The soldier was reduced in rank to private and thrown out of the service but did not serve any time in jail, the official said. He said the soldier shot and killed the prisoner after the Iraqi inmate had thrown stones at him. The soldier was found to have used excessive force.
The official said the CIA contractor was not in the military, so no legal action was taken because of lack of jurisdiction, but the Army referred the case to the US Justice Department for possible action.
He said a third death among the 25 being investigated was ruled a justifiable homicide: it occurred while a prisoner was attempting to escape.
Details of the inquiries came as the Pentagon investigated the abuse of Iraqi prisoners by US forces at the Abu Ghraib jail. The revelations have inflamed anti-American sentiment, especially in the Arab world.
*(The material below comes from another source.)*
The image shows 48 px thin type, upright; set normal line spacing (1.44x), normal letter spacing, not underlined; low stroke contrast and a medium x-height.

In the US inquiry, of the other 22 death investigations, 12 prisoners were found to have died either by natural or undetermined causes and a further 10 deaths were still being scrutinised. The Army did not say in which countries the 25 killings occurred but the vast majority were in Iraq.


Revealed:Americans murdered two Iraqi prisoners

This week it was revealed that 25 people in American custody in Iraq and Afghanistan have died. As the above quote reveals some of those have been determined to be free of misconduct or evidence of misconduct by American forces. That leaves 10 people who have died in American hands where our military justice system has an ongoing investigation.
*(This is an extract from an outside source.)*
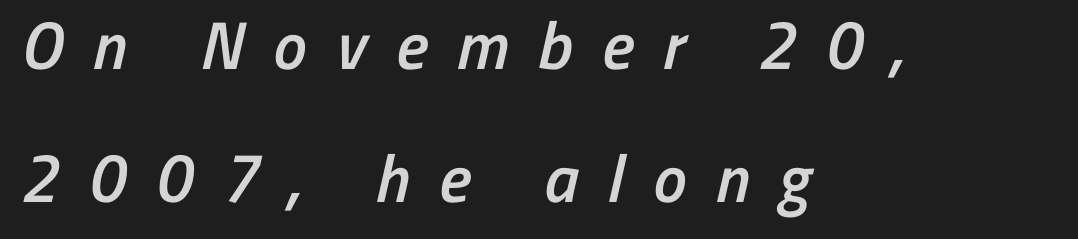
The area under the type is left untouched. Compared with an ordinary text face, these strokes are moderately heavier — a semibold. What stands out about the letter spacing? Its width — letters are far apart. Serif or sans? Sans — the stroke terminals are bare. The rendering uses natural spacing where letterforms have individual widths. If you measured baseline to baseline, you'd find a long distance.

Worse still, two of these cases have been determined to be murder. As I search for a followup to these public comments from earlier in the week, I am left wondering what is going on with the American press. The reports are from wire services like reuters, but they are being picked up in Vietnam, South Africa, England, Scotland, and Arab news services, but they are not geting much play in America.

Worse yet, the CIA may be responsible for additional deaths.

QUOTE
Saddam Hussein's torturers, the U.S. army revealed that 25 prisoners had died in Iraq and Afghanistan in U.S. custody.

They included two Iraqis murdered by Americans, one death described as justifiable homicide, and 12 deaths by natural or undetermined causes. Ten were still being investigated.

PRISONER DEATHS

The CIA said on Wednesday it was investigating the deaths of three prisoners who were interrogated by its personnel in Iraq and Afghanistan but it did not say if these were among the 25 reported by the Army.


Bush condemns abuse of Iraqi prisoners

Is this getting set aside for later scandal. Will leadership later claim that evidence of murder was clearly released and then be appalled an anti-government media backlash when questions are raised about the punishment of these soldiers who were found guilty of murder.

From the first quote I posted above
QUOTE
The soldier was reduced in rank to private and thrown out of the service but did not serve any time in jail, the official said. He said the soldier shot and killed the prisoner after the Iraqi inmate had thrown stones at him. The soldier was found to have used excessive force.
The official said the CIA contractor was not in the military, so no legal action was taken because of lack of jurisdiction, but the Army referred the case to the US Justice Department for possible action.


Is this justice for the victims of murder? One soldier was punished by being broken to a private and being dishonorably discharged.
The other is cloaked by some legal black hole in which a CIA contractor
killed someone and the army took no legal action but referred the case to the US Justice Department.

Some of the AD community understands military justice better than I do, but the legal response to these murders seems woefully inadequate to me. And if I were an Iraqi I would be very suspicious of the US military and even more concerned about the presence of non-military contractors operating as mercenary forces for security and for interrogation purposes.

Questions for debate:

Is this too going to blow up into a storm of criticism against the US occupation? (If so, justifiably or not?)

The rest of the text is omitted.